We looked at each other and had one of those moments of perfect understanding. Ah, enlightened self-interest: the coin of my old world. It felt good to get back on familiar ground. No talk of honor with Mircea; just plain business. "Did you train Tony or what?"

Mircea laughed delightedly. Louis-César shot him an unhappy look before turning his eyes back to me. "Mademoiselle, until tonight, I did not truly believe that anyone could do what you can. But now that I know, I have hope again. The Pythia is the final arbiter of disagreements within the magical community, our Supreme Court, if you like. Without a strong Pythia, with the power to enforce her rulings, the problem between the light Fey and the Silver Circle may escalate to war, as ours with the Black already has. The structure of our world is fracturing."

He glanced at the door and Mircea cocked his head slightly. "The spell is active. Even with enhanced hearing, Pritkin cannot eavesdrop. Tell her."

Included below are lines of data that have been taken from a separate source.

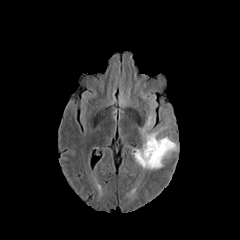
FLAIR magnetic resonance.
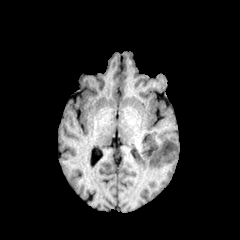
T1-weighted magnetic resonance.
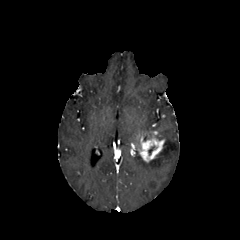
Post-contrast T1-weighted MR of the same slice.
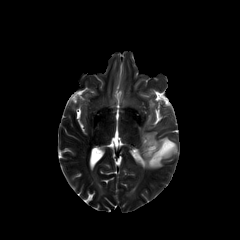
T2-weighted MR.
240x240
<segmentation>
  <enhancing_tumor>{"x1": 137, "y1": 131, "x2": 164, "y2": 162}</enhancing_tumor>
  <edema>{"x1": 134, "y1": 136, "x2": 175, "y2": 168}</edema>
</segmentation>
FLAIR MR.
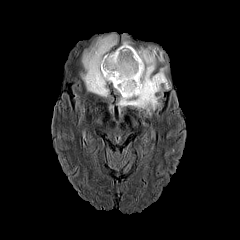
T1-weighted magnetic resonance.
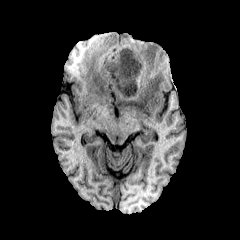
Post-contrast T1-weighted MR image.
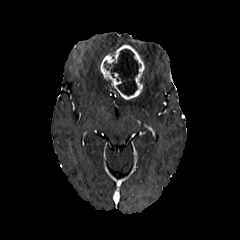
T2-weighted MR image.
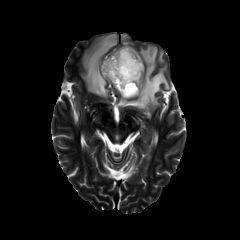
The non-enhancing tumor core lies within box=[104, 49, 140, 95]. The enhancing tumor is at box=[100, 43, 144, 100]. 3 edema regions are located at box=[114, 45, 171, 117]; box=[121, 34, 133, 45]; box=[80, 32, 117, 97].

Louis-César looked at me and I got that feeling again of power sliding along my skin. His control was slipping. I thrust my bracelet into my pocket so it wouldn't go nuts. I didn't want to find out what would happen if it attacked him. "We believe that a challenger to the Consul, Lord Rasputin, is using the missing sybil in his bid for power. For months, Senate members have been attacked by their own retainers. In some cases those who have served them for centuries, who were thought completely loyal, have turned on them without warning. The guards in the Senate chamber who attacked you were some of these. Sworn to the Consul's own power, still they turned. Now we may understand why."

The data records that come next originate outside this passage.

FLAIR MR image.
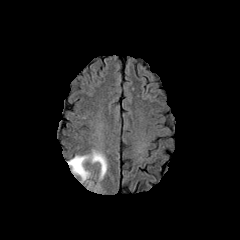
T1-weighted magnetic resonance.
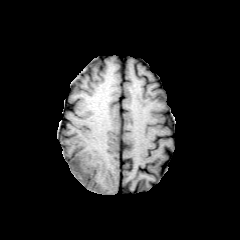
Post-contrast T1-weighted magnetic resonance.
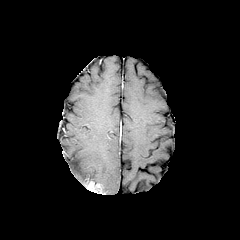
T2-weighted MR.
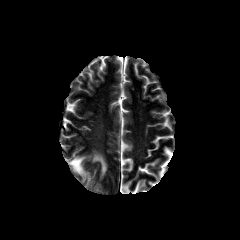
Edema = 67,149,107,182.
Enhancing tumor = 85,174,101,192.

Maybe I was missing something. I wasn't exactly at my best. "Okay, why?"

Rafe came forward and knelt at my feet. I petted his messy curls and felt a little better. He couldn't do a damn thing for me, but it was nice having him around. "Don't you see, mia stella? The sybil must have traveled in time as you did, and somehow she interfered with the bonding between servants and masters. It has long been thought that the Pythia experiences all times at once, instead of traveling only in one direction as we do. It may be that the missing sybil is gaining power as you have recently done. Only she has used the power for harm."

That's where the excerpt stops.